TL;DR: The duckdb-docker repository provides a small Docker image that exposes the DuckDB CLI for interactive and non‑interactive use, supporting amd64 and arm64.

You can use this official Docker image by pulling it with docker pull duckdb/duckdb:latest or a specific tag, running interactively with docker run --rm -it -v "$(pwd):/workspace" -w /workspace duckdb/duckdb (Windows variants use %cd% or ${PWD}), and run one‑off commands like docker run --rm duckdb/duckdb duckdb --version .

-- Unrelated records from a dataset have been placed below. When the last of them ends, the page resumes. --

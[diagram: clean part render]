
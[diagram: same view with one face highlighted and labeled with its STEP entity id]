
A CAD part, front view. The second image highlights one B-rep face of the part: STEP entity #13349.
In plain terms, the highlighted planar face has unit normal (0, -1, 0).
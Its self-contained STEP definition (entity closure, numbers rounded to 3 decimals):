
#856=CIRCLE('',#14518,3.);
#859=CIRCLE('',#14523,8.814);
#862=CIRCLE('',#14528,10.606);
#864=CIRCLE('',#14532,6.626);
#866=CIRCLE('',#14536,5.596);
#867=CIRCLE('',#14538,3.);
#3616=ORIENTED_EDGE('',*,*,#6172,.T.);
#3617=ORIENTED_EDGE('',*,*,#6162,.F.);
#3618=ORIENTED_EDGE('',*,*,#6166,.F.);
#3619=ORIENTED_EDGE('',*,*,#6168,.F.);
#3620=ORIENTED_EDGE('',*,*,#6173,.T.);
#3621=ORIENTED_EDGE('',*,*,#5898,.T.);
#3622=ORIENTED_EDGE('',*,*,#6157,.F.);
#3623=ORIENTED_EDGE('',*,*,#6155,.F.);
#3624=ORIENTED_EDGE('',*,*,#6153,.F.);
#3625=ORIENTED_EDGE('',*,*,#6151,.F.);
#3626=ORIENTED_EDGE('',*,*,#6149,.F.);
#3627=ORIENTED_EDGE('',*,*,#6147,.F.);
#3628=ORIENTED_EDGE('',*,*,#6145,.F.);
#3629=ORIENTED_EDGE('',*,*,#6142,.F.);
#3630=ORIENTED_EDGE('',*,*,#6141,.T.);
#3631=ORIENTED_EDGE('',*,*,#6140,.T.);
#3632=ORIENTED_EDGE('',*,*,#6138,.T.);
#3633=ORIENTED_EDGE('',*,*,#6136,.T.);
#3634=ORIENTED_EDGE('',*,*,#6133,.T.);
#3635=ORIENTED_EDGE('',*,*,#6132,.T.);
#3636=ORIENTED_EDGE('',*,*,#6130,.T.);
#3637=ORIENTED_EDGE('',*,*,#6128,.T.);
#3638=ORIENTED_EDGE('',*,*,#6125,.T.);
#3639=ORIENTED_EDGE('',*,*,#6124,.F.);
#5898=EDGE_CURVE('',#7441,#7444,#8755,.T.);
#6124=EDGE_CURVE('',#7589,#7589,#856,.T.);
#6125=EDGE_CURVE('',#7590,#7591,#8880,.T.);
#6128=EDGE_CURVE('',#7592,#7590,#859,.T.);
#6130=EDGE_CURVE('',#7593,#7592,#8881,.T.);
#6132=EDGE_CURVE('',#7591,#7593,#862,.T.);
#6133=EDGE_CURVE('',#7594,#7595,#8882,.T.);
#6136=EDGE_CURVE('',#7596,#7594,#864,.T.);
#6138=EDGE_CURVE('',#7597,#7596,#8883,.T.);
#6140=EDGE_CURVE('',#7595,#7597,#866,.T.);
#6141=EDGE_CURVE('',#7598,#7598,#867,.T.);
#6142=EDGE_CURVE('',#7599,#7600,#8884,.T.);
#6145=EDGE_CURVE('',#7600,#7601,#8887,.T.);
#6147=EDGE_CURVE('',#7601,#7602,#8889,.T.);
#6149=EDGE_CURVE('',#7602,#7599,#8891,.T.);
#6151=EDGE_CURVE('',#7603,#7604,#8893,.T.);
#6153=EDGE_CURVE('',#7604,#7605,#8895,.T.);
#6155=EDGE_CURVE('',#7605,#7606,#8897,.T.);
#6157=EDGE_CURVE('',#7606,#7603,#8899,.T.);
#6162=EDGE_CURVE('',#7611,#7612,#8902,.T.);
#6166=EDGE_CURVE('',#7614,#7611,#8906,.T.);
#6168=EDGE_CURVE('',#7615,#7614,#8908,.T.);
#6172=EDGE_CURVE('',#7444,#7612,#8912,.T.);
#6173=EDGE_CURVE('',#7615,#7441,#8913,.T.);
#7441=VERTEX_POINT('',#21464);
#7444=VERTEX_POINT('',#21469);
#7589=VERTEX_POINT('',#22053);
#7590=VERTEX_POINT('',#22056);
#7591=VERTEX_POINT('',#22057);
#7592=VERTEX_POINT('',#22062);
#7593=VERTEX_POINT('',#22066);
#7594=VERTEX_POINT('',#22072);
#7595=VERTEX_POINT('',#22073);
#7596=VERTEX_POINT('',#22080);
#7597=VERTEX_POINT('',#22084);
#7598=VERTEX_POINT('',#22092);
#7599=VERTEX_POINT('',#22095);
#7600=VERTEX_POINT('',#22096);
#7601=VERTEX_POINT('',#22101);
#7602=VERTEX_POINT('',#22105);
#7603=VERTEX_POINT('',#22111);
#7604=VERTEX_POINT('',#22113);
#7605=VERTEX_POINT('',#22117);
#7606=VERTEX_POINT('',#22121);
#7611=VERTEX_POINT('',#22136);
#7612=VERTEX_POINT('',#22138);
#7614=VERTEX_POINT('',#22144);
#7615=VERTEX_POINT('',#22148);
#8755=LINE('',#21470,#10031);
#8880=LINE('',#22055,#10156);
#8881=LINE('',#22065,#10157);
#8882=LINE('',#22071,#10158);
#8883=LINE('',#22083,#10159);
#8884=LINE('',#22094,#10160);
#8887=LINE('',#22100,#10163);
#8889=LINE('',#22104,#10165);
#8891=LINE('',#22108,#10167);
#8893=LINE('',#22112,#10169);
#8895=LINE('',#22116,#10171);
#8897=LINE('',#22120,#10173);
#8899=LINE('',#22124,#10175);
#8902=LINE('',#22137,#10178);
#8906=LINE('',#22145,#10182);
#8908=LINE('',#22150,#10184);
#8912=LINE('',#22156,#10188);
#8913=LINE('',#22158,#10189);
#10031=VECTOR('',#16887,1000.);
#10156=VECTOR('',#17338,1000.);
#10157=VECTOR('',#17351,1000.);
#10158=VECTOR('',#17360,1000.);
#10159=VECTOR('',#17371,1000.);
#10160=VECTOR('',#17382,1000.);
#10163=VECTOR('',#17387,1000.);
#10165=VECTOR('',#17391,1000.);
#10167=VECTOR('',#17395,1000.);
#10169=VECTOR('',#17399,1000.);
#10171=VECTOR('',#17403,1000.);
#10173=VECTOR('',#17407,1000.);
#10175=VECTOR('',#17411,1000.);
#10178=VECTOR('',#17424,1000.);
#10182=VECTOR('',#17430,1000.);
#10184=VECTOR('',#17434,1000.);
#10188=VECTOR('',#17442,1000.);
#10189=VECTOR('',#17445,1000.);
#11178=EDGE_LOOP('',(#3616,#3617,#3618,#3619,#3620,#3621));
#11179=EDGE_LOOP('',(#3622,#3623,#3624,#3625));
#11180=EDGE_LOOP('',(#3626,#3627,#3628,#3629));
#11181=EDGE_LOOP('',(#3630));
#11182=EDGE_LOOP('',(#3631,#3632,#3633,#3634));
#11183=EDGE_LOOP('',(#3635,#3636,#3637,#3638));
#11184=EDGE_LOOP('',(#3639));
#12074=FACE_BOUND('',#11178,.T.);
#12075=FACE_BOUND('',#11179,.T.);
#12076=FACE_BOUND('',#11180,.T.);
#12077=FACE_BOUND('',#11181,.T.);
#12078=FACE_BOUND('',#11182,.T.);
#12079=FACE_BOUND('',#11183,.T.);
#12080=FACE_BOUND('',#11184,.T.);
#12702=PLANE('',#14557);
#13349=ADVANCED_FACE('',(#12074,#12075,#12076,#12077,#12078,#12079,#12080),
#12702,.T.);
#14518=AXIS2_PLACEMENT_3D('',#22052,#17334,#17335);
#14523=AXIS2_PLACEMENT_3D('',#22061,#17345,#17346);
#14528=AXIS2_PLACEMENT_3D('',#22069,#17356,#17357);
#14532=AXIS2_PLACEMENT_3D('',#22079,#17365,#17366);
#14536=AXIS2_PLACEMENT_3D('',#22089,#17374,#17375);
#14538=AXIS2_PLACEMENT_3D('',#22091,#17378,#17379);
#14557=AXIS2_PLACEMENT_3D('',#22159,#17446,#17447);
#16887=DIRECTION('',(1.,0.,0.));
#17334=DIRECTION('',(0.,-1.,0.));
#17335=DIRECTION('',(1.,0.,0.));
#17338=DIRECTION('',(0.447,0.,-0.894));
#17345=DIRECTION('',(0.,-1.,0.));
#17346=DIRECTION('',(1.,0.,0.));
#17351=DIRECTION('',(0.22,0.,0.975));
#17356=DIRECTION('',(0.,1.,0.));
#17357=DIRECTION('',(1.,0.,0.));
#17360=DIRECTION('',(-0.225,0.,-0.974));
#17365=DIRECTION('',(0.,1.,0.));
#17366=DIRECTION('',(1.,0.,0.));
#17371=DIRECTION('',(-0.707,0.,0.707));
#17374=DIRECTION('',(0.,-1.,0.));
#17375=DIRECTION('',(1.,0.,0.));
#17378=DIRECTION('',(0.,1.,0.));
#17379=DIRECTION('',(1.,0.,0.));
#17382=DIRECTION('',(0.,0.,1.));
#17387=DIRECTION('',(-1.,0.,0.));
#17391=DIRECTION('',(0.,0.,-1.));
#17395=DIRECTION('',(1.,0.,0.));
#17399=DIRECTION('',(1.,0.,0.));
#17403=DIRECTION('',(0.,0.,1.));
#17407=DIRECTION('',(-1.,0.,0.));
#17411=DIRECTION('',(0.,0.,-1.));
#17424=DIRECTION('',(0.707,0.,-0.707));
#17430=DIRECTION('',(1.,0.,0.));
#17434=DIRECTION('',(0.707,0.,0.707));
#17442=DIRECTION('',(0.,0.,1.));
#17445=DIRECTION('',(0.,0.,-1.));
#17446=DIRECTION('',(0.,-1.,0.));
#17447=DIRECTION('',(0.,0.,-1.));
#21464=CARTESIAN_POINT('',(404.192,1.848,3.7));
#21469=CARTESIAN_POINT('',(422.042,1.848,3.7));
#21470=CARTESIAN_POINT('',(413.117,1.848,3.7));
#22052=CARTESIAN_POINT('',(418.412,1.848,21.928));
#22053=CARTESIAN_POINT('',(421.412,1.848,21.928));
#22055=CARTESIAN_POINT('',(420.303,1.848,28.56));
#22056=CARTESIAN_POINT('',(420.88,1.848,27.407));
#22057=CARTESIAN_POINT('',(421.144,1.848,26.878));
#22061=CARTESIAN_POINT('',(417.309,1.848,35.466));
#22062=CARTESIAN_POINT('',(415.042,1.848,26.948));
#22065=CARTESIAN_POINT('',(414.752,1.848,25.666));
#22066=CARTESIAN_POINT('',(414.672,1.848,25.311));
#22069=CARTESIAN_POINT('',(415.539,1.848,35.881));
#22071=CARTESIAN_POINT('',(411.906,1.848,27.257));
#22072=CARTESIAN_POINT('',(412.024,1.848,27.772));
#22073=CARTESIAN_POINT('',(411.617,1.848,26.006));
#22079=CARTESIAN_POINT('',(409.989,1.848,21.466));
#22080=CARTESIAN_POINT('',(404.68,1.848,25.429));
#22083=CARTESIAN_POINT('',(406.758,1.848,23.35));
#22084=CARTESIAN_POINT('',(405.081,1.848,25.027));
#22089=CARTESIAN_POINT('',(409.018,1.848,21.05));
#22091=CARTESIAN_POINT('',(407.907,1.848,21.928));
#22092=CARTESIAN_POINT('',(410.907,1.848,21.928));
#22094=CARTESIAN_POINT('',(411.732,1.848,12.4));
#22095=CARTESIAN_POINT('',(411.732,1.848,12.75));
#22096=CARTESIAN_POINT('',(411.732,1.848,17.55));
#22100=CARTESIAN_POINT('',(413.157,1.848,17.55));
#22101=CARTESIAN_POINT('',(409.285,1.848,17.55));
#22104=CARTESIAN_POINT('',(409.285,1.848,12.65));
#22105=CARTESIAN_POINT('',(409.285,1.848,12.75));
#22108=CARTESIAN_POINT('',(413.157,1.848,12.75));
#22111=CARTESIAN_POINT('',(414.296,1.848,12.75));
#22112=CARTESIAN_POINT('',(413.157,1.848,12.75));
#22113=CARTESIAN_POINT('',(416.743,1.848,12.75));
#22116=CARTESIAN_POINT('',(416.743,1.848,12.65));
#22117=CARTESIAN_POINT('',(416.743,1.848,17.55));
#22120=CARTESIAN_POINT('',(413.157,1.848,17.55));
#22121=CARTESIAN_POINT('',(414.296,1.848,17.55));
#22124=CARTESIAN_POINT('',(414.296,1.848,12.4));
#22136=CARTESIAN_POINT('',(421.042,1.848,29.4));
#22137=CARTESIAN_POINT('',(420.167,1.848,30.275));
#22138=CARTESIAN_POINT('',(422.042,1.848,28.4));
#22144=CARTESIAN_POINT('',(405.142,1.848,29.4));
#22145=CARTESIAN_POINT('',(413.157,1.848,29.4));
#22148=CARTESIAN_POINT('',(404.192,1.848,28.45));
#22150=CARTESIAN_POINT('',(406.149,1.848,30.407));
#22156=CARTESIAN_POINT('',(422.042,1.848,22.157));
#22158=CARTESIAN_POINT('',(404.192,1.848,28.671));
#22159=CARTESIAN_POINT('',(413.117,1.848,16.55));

Speedwise will probably be much better if you run it locally on your machine or on the server, as installation is simple due to its small footprint. But there's always a need for a Docker image, and if you had that, here it is now. The initial need might have come from a new Linux Distro.

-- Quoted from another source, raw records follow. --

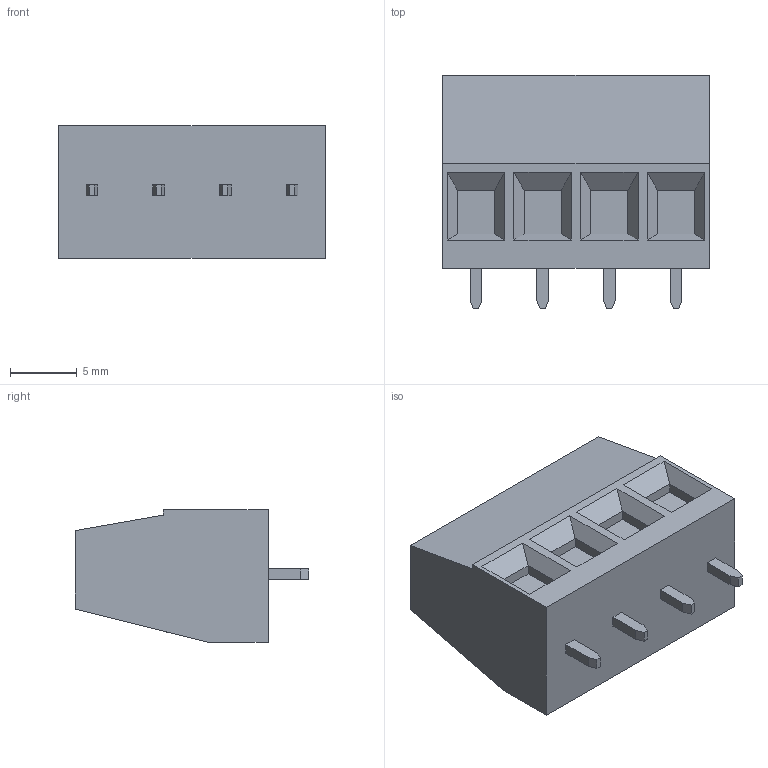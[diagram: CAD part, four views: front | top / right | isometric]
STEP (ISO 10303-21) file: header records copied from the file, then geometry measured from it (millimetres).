
FILE_DESCRIPTION((''),'2;1');
FILE_NAME('395433004','2015-02-25T',('me'),(''),'PRO/ENGINEER BY PARAMETRIC TECHNOLOGY CORPORATION, 2011490','PRO/ENGINEER BY PARAMETRIC TECHNOLOGY CORPORATION, 2011490','');
FILE_SCHEMA(('CONFIG_CONTROL_DESIGN'));
Length unit declared in the file: inch
Products named in the file (1): 395433004
Bounding box: 19.99 x 17.53 x 9.91 mm (x, y, z)
Volume: 2258.8 mm3; surface area: 1734 mm2
Topology: 1 solids, 1 shells, 269 faces, 697 edges, 454 vertices
Faces by surface type: plane 181, cylinder 40, torus 40, cone 8
Entity records: 8248 total; most frequent: CARTESIAN_POINT 1525, DIRECTION 1405, ORIENTED_EDGE 1370, EDGE_CURVE 685, AXIS2_PLACEMENT_3D 470, VECTOR 465, LINE 465, VERTEX_POINT 438

Big Data on the Move: DuckDB on the Framework Laptop 13

TL;DR: A 12‑core Framework Laptop 13 (AMD Ryzen AI 9 HX 370, 128 GB RAM, 8 TB NVMe) running DuckDB can load large CSVs at nearly 2 GB/s and execute TPC‑H at multi‑TB scale (SF3,000 and SF10,000) with acceptable runtimes, although thermal throttling and disk spill should be considered.

Gabor ran the DuckDB CLI installed DuckDB to measure CSV ingestion (20 GB loaded in 10.2s ≈ 1.96 GB/s). For TPC‑H he generated Parquet with tpchgen-rs and loaded ~4 TB Parquet into ~2.7 TB DuckDB storage for SF10,000 (observed disk spills up to 3.6 TB). Measured results: SF3,000 total 47.5 min (geomean 86.5 s) reduced to 30.8 min (geomean 58.2 s, 32% faster) when inserting cooling pauses; SF3,000 on battery ran 46.9 min and drained to ~30%; SF10,000 ran 4.2 h (geomean 6.6 min) and 3.8 h with cooling (14% speedup).

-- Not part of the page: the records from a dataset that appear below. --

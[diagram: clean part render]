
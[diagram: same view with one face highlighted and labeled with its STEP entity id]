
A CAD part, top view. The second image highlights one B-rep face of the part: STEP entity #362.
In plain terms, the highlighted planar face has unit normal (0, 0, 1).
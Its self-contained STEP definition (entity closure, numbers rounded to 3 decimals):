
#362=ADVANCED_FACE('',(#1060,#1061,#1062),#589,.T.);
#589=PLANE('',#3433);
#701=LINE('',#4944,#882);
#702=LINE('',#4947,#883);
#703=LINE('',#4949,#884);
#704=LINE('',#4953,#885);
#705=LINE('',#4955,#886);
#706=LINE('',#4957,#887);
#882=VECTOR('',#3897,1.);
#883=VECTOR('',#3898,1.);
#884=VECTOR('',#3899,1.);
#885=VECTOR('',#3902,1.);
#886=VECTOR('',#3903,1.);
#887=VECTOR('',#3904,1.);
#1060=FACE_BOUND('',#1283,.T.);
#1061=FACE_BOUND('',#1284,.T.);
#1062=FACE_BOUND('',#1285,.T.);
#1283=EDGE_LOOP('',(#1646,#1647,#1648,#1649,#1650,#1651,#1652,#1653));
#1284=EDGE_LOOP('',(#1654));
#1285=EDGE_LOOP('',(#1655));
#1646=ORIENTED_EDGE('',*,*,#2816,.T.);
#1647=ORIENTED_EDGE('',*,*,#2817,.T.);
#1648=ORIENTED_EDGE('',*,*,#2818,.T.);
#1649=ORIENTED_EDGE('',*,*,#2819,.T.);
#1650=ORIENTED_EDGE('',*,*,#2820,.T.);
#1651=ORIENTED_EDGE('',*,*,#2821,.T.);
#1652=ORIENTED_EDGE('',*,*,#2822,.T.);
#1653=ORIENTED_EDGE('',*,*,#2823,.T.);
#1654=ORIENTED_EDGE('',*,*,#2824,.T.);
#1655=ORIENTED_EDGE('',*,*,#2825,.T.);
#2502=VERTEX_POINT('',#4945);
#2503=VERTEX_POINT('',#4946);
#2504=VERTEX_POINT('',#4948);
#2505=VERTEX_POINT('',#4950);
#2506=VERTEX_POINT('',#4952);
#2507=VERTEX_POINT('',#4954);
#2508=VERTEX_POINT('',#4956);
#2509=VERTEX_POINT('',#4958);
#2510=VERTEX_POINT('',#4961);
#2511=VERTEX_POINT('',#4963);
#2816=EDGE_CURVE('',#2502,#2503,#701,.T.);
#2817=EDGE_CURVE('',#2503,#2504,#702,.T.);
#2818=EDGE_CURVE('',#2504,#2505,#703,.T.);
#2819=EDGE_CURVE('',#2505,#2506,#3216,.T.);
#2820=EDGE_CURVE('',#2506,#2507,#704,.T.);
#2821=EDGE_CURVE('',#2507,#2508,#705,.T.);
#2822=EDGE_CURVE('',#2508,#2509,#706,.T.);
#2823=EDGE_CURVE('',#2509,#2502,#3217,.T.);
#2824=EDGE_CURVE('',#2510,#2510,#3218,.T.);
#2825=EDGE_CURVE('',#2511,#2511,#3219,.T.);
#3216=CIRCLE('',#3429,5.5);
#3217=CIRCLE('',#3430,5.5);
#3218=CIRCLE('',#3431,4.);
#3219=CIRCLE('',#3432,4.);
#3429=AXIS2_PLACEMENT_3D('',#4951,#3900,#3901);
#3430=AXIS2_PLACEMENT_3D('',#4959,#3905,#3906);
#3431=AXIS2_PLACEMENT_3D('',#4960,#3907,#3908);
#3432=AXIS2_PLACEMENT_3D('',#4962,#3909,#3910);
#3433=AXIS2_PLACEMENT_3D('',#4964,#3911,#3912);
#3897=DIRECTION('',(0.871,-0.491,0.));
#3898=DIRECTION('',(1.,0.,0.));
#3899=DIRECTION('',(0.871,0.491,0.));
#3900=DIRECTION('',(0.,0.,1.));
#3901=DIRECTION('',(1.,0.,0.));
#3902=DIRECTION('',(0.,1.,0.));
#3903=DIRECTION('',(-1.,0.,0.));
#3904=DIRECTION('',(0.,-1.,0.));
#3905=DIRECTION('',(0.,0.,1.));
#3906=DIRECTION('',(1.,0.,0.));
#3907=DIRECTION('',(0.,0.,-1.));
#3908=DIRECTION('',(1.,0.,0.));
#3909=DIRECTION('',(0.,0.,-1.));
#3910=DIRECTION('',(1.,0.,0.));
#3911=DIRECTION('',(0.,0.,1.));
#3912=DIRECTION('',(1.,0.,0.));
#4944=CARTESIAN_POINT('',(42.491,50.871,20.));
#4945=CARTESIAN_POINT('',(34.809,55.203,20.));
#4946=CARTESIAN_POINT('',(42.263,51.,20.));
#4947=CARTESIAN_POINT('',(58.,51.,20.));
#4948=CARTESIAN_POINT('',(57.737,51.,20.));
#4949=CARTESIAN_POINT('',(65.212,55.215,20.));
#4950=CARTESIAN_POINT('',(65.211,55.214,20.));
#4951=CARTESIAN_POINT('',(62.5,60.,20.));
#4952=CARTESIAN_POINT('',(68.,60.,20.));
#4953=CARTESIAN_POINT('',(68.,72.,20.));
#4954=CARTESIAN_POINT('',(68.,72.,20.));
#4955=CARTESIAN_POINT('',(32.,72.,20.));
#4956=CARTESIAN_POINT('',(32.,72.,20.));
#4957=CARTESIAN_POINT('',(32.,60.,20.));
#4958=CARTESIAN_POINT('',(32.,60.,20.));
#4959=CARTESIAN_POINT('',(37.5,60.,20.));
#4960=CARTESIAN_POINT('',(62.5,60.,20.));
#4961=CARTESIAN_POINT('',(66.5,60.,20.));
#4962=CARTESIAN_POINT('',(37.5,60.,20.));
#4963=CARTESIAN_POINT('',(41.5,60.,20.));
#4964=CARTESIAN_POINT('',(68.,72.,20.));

It shows once again that DuckDB is a viable, low‑cost platform for terabyte‑scale analytics with new powerful hardware options.

Announcing DuckDB 1.4.0 LTS

TL;DR: DuckDB 1.4.0 "Andium" brings database encryption with AES-256-GCM, the MERGE statement for upserts, Iceberg writes support, and significant performance improvements through k-way merge sorting and CTE materialization.

DuckDB 1.4.0 introduces several improvements, such as database encryption using industry-standard AES with 256-bit keys and GCM mode, encrypting the main database file, WAL, and temporary files via ATTACH 'encrypted.db' AS enc_db (ENCRYPTION_KEY 'quack_quack'). The MERGE INTO statement now supports complex upsert operations without requiring primary keys, using custom merge conditions. For the data lake ecosystem, Iceberg writes are now supported through COPY FROM DATABASE duckdb_db TO iceberg_datalake, enabling bidirectional data movement between DuckDB and Iceberg tables. Performance improvements include complete rewrite of the sorting implementation using k-way merge sort with better thread scaling, and the change to materialize CTEs.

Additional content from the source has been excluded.